After researching a little in last weeks film The Birds, I discovered that it was generally regarded as the ‘last great Hitchcock film’. This surprised me somewhat and left me with a desire not to watch this weeks film (Marnie). However I persevered and I’m glad I did as Marnie is a very intriguing film and although not Hitchcock’s best it is far from the worst I have seen in this challenge.

WHAT HAPPENED?

Marnie (Tippi Hedren) is a conwoman who travels America stealing money from companies in order to support her mother. She suffers from deep psychological troubles including a fear of the colour red. When Mark (Sean Connery) discovers her thieving he forces her into marrying him and then attempts to help resolve her issues.

THE GOOD

The film has many good moments and could easily be described as a mash-up of Hitchcock’s previous great film. There are several moments within both the films narrative and look that echo older Hitchcock films.

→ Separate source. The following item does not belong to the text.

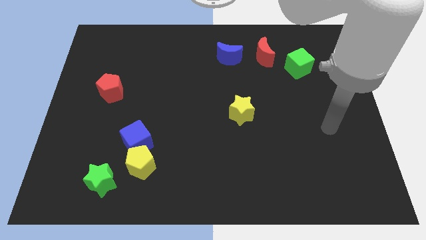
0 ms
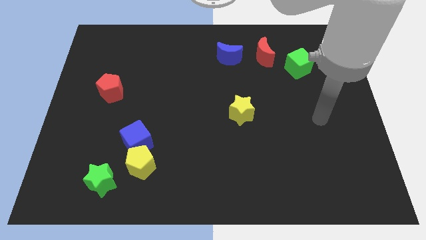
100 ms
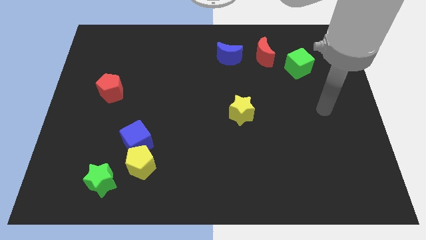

For example the idea of a man becoming obsessive with a troubled woman is essentially the story of Vertigo, only in Marnie, the audience is seeing it from the females perspective. The way in which Marnie’s fear of red is a portrayed using flashing colour and blurred effects are taken straight from Spellbound. There are countless other subtle references/inspirations that occur throughout, making for a wonderful viewing experience; particularly when undergoing this challenge.

The first shot of the film is magnificent and sets the scene for the film well; it starts with a close-up of a woman’s handbag before pulling out and showing a beautiful black-haired figure standing on a train platform. There is something subtlety threatening about this that is truly intriguing in a simple sort of way.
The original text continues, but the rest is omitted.